> **INPUT**:

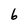
Character: 6
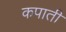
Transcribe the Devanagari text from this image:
कपाती
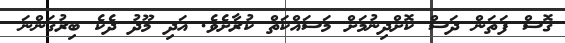
ގޮސް ފަތަން ދަސް ކޮށްދިނުމަށް މަސައްކަތް ކުރާށެވެ. އަދި މޫދު ދެކެ ބިރުގަންނަ
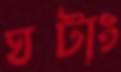
ঘটাং
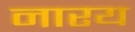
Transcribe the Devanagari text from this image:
नारय
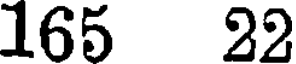
165 22
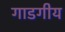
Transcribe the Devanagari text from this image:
गाडगीय
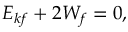
~ E _ { k f } + 2 W _ { f } = 0 ,
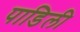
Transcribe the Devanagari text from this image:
पाडिली
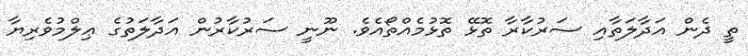
ތީ ދެން އަދާލަތާއި ސަރުކާރާ ތޮޅޭ ތޮޅުމެއްތޯއެވެ. ނޫނީ ސަރުކާރުން އަދާލަތުގެ ޢިލްމުވެރިޔާ
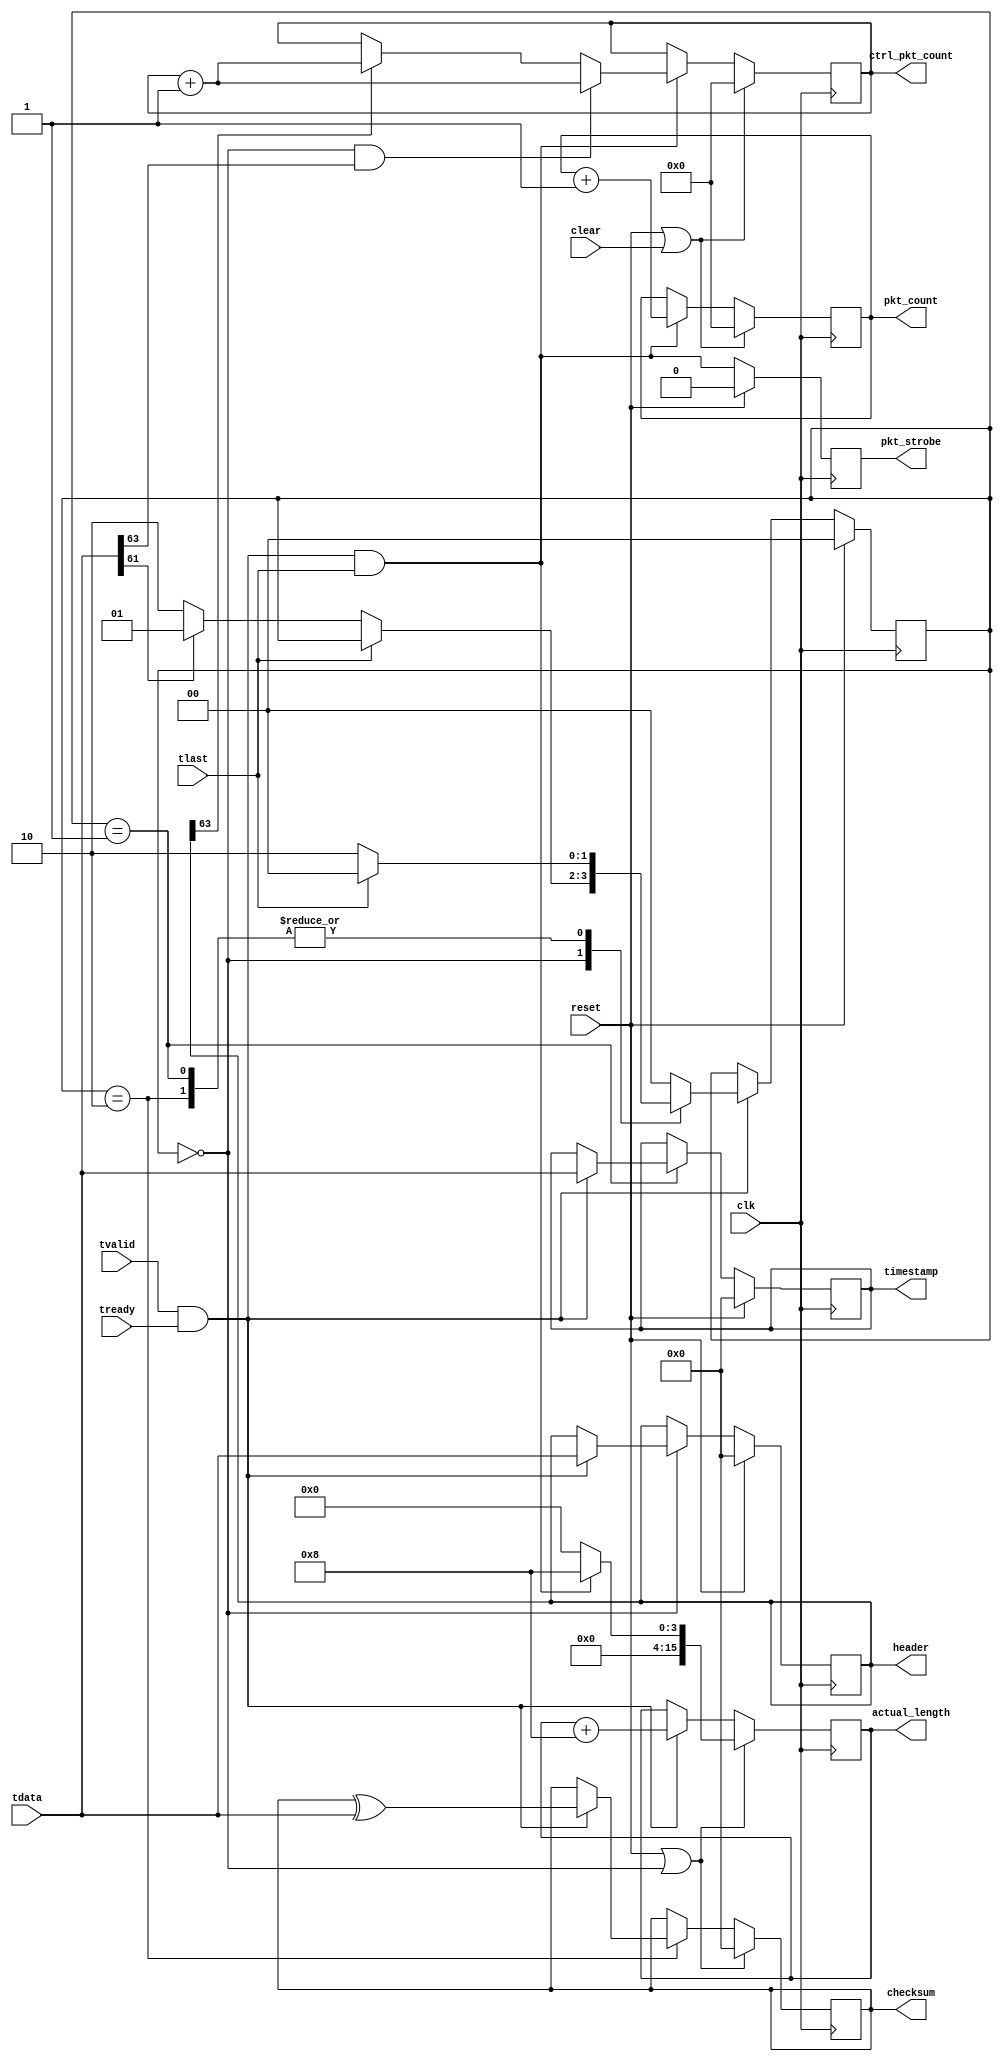
//
// Copyright 2014 Ettus Research LLC
//

module cvita_packet_debug (
   input          clk,
   input          reset,
   input          clear,

   //Packet In
   input [63:0]   tdata,
   input          tlast,
   input          tvalid,
   input          tready,

   //Per packet info
   output reg           pkt_strobe,
   output reg [63:0]    header,
   output reg [63:0]    timestamp,
   output reg [15:0]    actual_length,
   output reg [63:0]    checksum,
   
   //Statistics
   output reg [31:0]    pkt_count,
   output reg [31:0]    ctrl_pkt_count
);

   localparam ST_HEADER = 2'd0;
   localparam ST_TIME   = 2'd1;
   localparam ST_DATA   = 2'd2;

   //Packet state logic
   reg [1:0]   pkt_state;
   always @(posedge clk) begin
      if (reset) begin
         pkt_state <= ST_HEADER;
      end else if (tvalid & tready) begin
         case(pkt_state)
            ST_HEADER: begin
               if (!tlast) 
                  pkt_state <= (tdata[61]) ? ST_TIME : ST_DATA;
            end
            ST_TIME: begin
               pkt_state <= (tlast) ? ST_HEADER : ST_DATA;
            end
            ST_DATA: begin
               pkt_state <= (tlast) ? ST_HEADER : ST_DATA;
            end
            default: pkt_state <= ST_HEADER;
         endcase
      end
   end

   //Trigger logic
   always @(posedge clk)
      if (reset)
         pkt_strobe <= 1'b0;
      else
         pkt_strobe <= tvalid & tready & tlast;

   //Header capture
   always @(posedge clk)
      if (reset)
         header <= 64'd0;
      else if (pkt_state == ST_HEADER)
         if (tvalid & tready)
            header <= tdata;

   //Timestamp capture
   always @(posedge clk)
      if (reset)
         timestamp <= 64'd0;
      else if (pkt_state == ST_TIME)
         if (tvalid & tready)
            timestamp <= tdata;

   //Length capture
   always @(posedge clk)
      if (reset || pkt_state == ST_HEADER)
         actual_length <= (tvalid & tready & tlast) ? 16'd8 : 16'd0;
      else
         if (tvalid & tready)
            actual_length <= actual_length + 16'd8;

   //Checksum capture
   always @(posedge clk)
      if (reset || pkt_state == ST_HEADER)
         checksum <= 64'd0;
      else if (pkt_state == ST_DATA)
         if (tvalid & tready)
            checksum <= checksum ^ tdata;

   //Counts
   always @(posedge clk)
      if (reset | clear) begin
         pkt_count      <= 32'd0;
         ctrl_pkt_count <= 32'd0;
      end else begin
         if (tvalid & tready & tlast) begin
            pkt_count <= pkt_count + 32'd1;
            if (pkt_state == ST_HEADER && tdata[63])
               ctrl_pkt_count <= ctrl_pkt_count + 32'd1;
            else if (header[63]) 
               ctrl_pkt_count <= ctrl_pkt_count + 32'd1;
         end
      end

endmodule // cvita_packet_debug
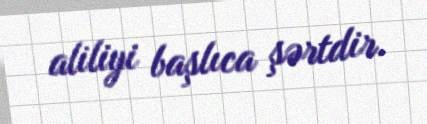
aliliyi başlıca şərtdir.

> **EXERCISE REQUIREMENTS**: When you return the listing, keep it exact and omit any pictures it holds.

> **SOLUTION FOR THIS EXERCISE**:
Character: 6
Transcribe the Devanagari text from this image:
कपाती
ގޮސް ފަތަން ދަސް ކޮށްދިނުމަށް މަސައްކަތް ކުރާށެވެ. އަދި މޫދު ދެކެ ބިރުގަންނަ
ঘটাং
Transcribe the Devanagari text from this image:
नारय
165 22
Transcribe the Devanagari text from this image:
गाडगीय
~ E _ { k f } + 2 W _ { f } = 0 ,
Transcribe the Devanagari text from this image:
पाडिली
ތީ ދެން އަދާލަތާއި ސަރުކާރާ ތޮޅޭ ތޮޅުމެއްތޯއެވެ. ނޫނީ ސަރުކާރުން އަދާލަތުގެ ޢިލްމުވެރިޔާ
//
// Copyright 2014 Ettus Research LLC
//

module cvita_packet_debug (
   input          clk,
   input          reset,
   input          clear,

   //Packet In
   input [63:0]   tdata,
   input          tlast,
   input          tvalid,
   input          tready,

   //Per packet info
   output reg           pkt_strobe,
   output reg [63:0]    header,
   output reg [63:0]    timestamp,
   output reg [15:0]    actual_length,
   output reg [63:0]    checksum,
   
   //Statistics
   output reg [31:0]    pkt_count,
   output reg [31:0]    ctrl_pkt_count
);

   localparam ST_HEADER = 2'd0;
   localparam ST_TIME   = 2'd1;
   localparam ST_DATA   = 2'd2;

   //Packet state logic
   reg [1:0]   pkt_state;
   always @(posedge clk) begin
      if (reset) begin
         pkt_state <= ST_HEADER;
      end else if (tvalid & tready) begin
         case(pkt_state)
            ST_HEADER: begin
               if (!tlast) 
                  pkt_state <= (tdata[61]) ? ST_TIME : ST_DATA;
            end
            ST_TIME: begin
               pkt_state <= (tlast) ? ST_HEADER : ST_DATA;
            end
            ST_DATA: begin
               pkt_state <= (tlast) ? ST_HEADER : ST_DATA;
            end
            default: pkt_state <= ST_HEADER;
         endcase
      end
   end

   //Trigger logic
   always @(posedge clk)
      if (reset)
         pkt_strobe <= 1'b0;
      else
         pkt_strobe <= tvalid & tready & tlast;

   //Header capture
   always @(posedge clk)
      if (reset)
         header <= 64'd0;
      else if (pkt_state == ST_HEADER)
         if (tvalid & tready)
            header <= tdata;

   //Timestamp capture
   always @(posedge clk)
      if (reset)
         timestamp <= 64'd0;
      else if (pkt_state == ST_TIME)
         if (tvalid & tready)
            timestamp <= tdata;

   //Length capture
   always @(posedge clk)
      if (reset || pkt_state == ST_HEADER)
         actual_length <= (tvalid & tready & tlast) ? 16'd8 : 16'd0;
      else
         if (tvalid & tready)
            actual_length <= actual_length + 16'd8;

   //Checksum capture
   always @(posedge clk)
      if (reset || pkt_state == ST_HEADER)
         checksum <= 64'd0;
      else if (pkt_state == ST_DATA)
         if (tvalid & tready)
            checksum <= checksum ^ tdata;

   //Counts
   always @(posedge clk)
      if (reset | clear) begin
         pkt_count      <= 32'd0;
         ctrl_pkt_count <= 32'd0;
      end else begin
         if (tvalid & tready & tlast) begin
            pkt_count <= pkt_count + 32'd1;
            if (pkt_state == ST_HEADER && tdata[63])
               ctrl_pkt_count <= ctrl_pkt_count + 32'd1;
            else if (header[63]) 
               ctrl_pkt_count <= ctrl_pkt_count + 32'd1;
         end
      end

endmodule // cvita_packet_debug
aliliyi başlıca şərtdir.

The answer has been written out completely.